WORK INSTRUCTION: Transcribe exactly the lines that fall between the one holding "hfov_deg=11.5. Metres; depth" and the one holding "State the object for the box [52,109,87,159].", inclusive, from the entries below.

DATA SUPPLIED:
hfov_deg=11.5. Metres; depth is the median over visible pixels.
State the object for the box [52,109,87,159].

---

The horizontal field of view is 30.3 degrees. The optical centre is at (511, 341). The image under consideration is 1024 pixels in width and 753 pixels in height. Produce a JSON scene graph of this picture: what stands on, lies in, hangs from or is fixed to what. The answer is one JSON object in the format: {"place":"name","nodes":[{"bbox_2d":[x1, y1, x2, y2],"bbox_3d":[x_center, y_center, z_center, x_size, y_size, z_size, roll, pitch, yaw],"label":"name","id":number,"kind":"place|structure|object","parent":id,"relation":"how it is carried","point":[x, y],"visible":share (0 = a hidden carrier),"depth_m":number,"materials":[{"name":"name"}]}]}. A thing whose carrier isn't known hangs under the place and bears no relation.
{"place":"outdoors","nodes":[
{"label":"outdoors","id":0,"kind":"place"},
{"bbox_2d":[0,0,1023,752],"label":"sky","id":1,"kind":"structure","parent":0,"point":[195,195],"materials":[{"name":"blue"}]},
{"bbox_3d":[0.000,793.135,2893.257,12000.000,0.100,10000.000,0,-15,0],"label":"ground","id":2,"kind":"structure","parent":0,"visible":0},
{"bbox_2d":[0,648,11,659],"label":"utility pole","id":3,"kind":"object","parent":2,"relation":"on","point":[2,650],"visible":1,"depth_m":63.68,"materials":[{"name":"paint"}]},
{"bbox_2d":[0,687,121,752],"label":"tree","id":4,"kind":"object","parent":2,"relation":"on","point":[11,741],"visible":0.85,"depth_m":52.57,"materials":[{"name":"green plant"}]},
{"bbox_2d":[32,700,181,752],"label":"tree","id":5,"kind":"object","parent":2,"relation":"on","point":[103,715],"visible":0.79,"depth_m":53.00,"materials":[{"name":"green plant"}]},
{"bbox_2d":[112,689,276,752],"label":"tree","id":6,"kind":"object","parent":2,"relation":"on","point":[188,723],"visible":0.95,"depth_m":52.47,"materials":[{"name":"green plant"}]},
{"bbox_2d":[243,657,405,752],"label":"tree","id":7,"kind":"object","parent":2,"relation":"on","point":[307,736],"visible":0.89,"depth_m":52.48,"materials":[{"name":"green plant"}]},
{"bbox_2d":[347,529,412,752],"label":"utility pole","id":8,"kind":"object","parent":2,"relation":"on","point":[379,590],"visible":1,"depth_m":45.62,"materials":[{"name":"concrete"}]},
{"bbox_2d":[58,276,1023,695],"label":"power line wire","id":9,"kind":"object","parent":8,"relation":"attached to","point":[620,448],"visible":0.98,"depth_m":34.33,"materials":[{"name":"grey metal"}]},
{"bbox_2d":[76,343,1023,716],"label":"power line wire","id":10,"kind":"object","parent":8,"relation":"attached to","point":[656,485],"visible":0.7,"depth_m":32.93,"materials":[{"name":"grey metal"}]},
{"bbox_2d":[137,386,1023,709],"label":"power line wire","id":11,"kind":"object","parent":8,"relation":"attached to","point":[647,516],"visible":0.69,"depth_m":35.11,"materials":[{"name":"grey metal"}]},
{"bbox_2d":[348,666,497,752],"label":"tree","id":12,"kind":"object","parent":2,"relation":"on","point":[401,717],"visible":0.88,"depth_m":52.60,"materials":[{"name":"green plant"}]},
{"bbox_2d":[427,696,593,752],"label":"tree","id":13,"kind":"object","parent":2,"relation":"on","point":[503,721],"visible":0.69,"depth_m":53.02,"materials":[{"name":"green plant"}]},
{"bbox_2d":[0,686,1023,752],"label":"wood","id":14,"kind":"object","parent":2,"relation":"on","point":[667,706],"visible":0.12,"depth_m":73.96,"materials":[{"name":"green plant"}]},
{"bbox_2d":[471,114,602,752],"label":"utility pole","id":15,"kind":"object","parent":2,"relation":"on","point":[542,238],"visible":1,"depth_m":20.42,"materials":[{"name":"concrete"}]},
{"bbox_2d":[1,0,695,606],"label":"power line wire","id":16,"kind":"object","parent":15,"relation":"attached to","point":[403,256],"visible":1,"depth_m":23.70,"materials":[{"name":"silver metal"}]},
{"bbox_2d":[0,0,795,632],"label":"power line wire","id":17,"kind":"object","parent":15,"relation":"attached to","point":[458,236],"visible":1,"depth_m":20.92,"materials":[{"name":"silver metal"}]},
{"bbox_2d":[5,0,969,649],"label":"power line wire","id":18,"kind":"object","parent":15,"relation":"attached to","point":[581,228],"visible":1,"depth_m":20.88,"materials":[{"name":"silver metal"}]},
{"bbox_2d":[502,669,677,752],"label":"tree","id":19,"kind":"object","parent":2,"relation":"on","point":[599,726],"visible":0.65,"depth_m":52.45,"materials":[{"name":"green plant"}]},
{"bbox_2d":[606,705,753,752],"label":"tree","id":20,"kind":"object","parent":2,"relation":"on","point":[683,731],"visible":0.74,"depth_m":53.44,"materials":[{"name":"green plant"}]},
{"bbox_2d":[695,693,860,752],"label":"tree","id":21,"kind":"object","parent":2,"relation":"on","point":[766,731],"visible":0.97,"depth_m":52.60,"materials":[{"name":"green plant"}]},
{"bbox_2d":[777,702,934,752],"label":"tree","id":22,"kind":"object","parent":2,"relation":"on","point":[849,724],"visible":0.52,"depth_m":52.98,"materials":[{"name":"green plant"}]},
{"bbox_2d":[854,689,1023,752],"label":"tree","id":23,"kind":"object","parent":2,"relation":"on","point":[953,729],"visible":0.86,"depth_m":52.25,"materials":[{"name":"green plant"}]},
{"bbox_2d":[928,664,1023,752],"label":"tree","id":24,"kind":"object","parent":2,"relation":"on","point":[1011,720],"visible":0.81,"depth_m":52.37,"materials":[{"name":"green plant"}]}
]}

WORKED SOLUTION:
hfov_deg=11.5. Metres; depth is the median over visible pixels.
State the object for the box [52,109,87,159].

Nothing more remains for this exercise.